## Extracted data
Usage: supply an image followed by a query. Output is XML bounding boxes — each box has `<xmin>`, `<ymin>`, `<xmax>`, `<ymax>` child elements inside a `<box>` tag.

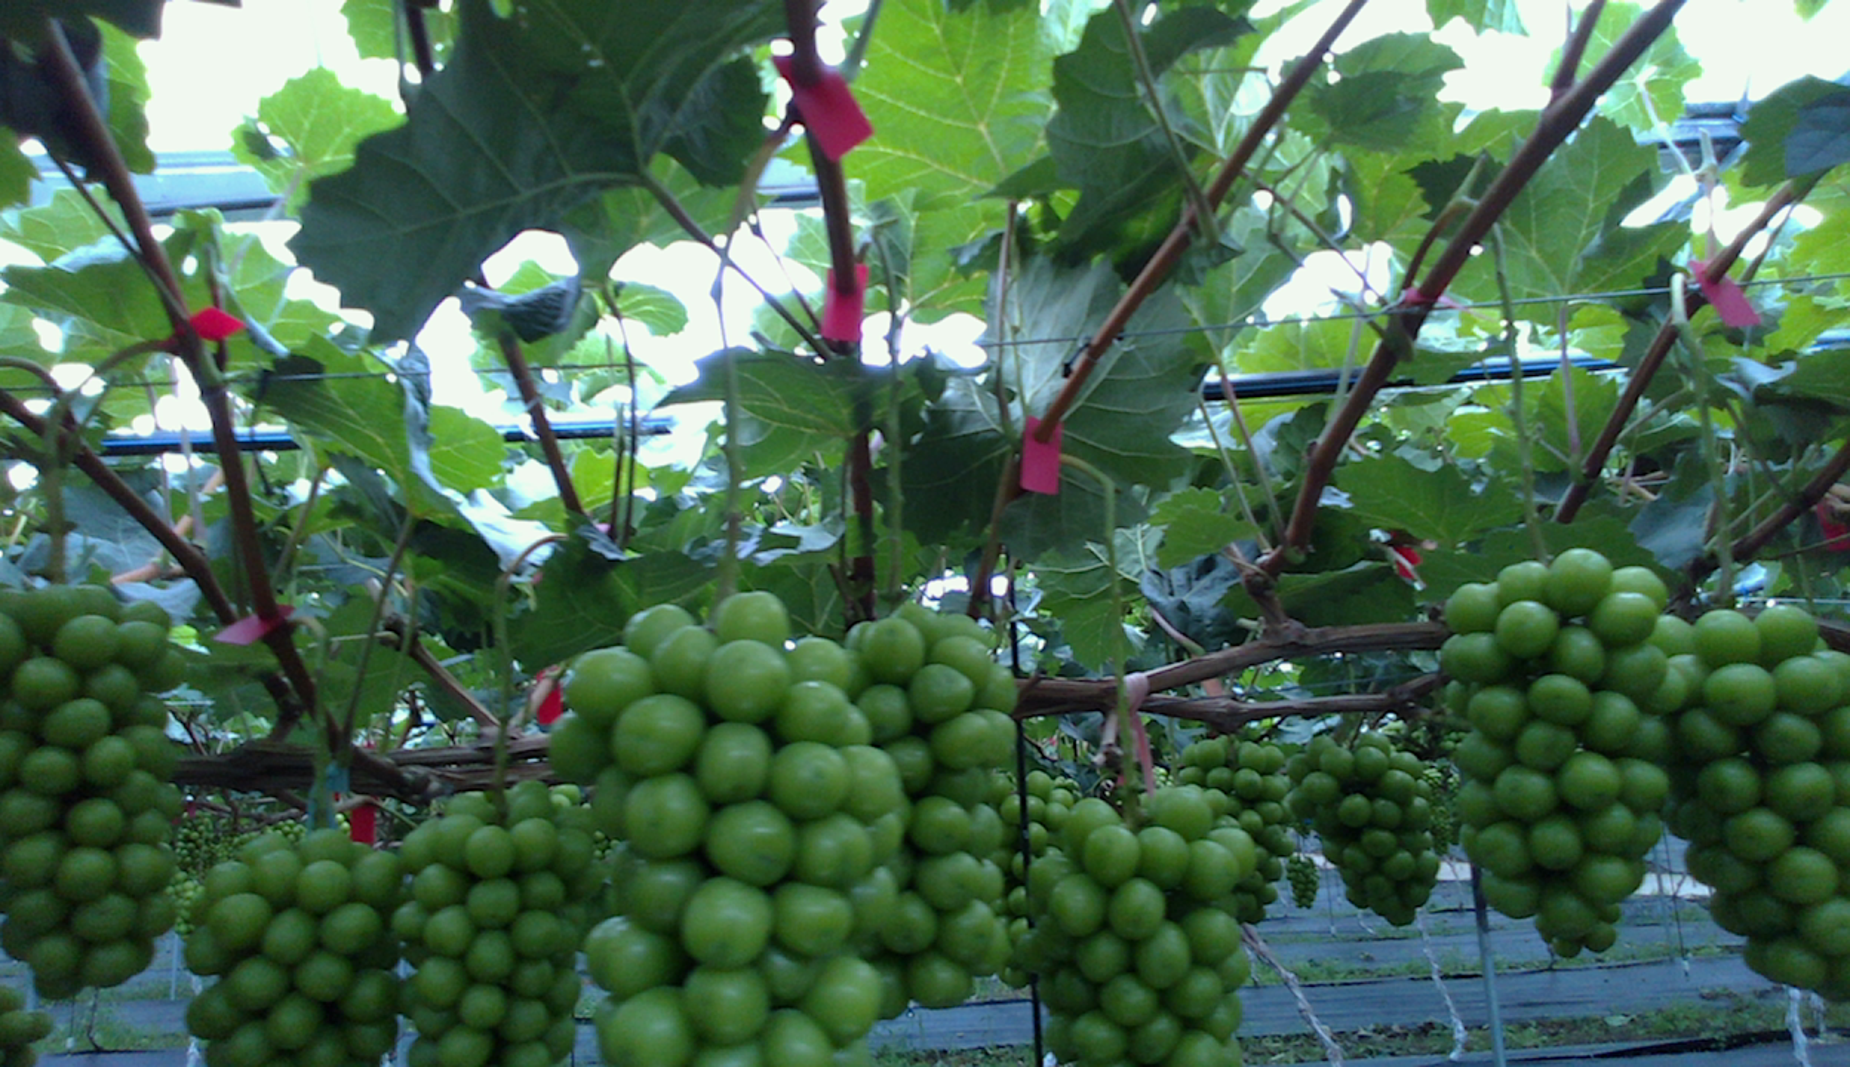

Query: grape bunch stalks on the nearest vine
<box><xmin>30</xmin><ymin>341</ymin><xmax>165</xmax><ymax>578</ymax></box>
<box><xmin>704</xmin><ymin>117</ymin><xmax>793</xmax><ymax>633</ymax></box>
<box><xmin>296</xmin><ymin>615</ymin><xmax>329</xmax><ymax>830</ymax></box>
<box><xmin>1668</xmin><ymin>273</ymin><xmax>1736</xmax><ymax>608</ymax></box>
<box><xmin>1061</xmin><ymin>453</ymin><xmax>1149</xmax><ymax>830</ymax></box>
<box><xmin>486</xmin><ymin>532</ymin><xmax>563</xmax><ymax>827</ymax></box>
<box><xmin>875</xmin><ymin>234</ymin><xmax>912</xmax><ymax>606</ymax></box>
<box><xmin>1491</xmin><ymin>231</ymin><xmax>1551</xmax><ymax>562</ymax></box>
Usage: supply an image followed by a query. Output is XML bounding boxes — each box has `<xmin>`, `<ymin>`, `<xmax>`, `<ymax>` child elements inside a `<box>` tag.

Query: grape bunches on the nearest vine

## Aim of the exercise
All entries above should be printed exactly, though without their pictures.

## Response area
Usage: supply an image followed by a query. Output is XML bounding boxes — each box has `<xmin>`, `<ymin>`, `<xmax>`, `<ymax>` child elements inside a `<box>` tag.


Query: grape bunch stalks on the nearest vine
<box><xmin>30</xmin><ymin>341</ymin><xmax>165</xmax><ymax>578</ymax></box>
<box><xmin>704</xmin><ymin>117</ymin><xmax>793</xmax><ymax>633</ymax></box>
<box><xmin>296</xmin><ymin>615</ymin><xmax>329</xmax><ymax>830</ymax></box>
<box><xmin>1668</xmin><ymin>273</ymin><xmax>1736</xmax><ymax>608</ymax></box>
<box><xmin>1061</xmin><ymin>453</ymin><xmax>1149</xmax><ymax>830</ymax></box>
<box><xmin>486</xmin><ymin>532</ymin><xmax>563</xmax><ymax>827</ymax></box>
<box><xmin>875</xmin><ymin>234</ymin><xmax>912</xmax><ymax>606</ymax></box>
<box><xmin>1491</xmin><ymin>231</ymin><xmax>1551</xmax><ymax>562</ymax></box>
Usage: supply an image followed by a query. Output is XML bounding boxes — each box has `<xmin>`, `<ymin>`, `<xmax>`, `<ymax>` child elements inside a `<box>` tag.

Query: grape bunches on the nearest vine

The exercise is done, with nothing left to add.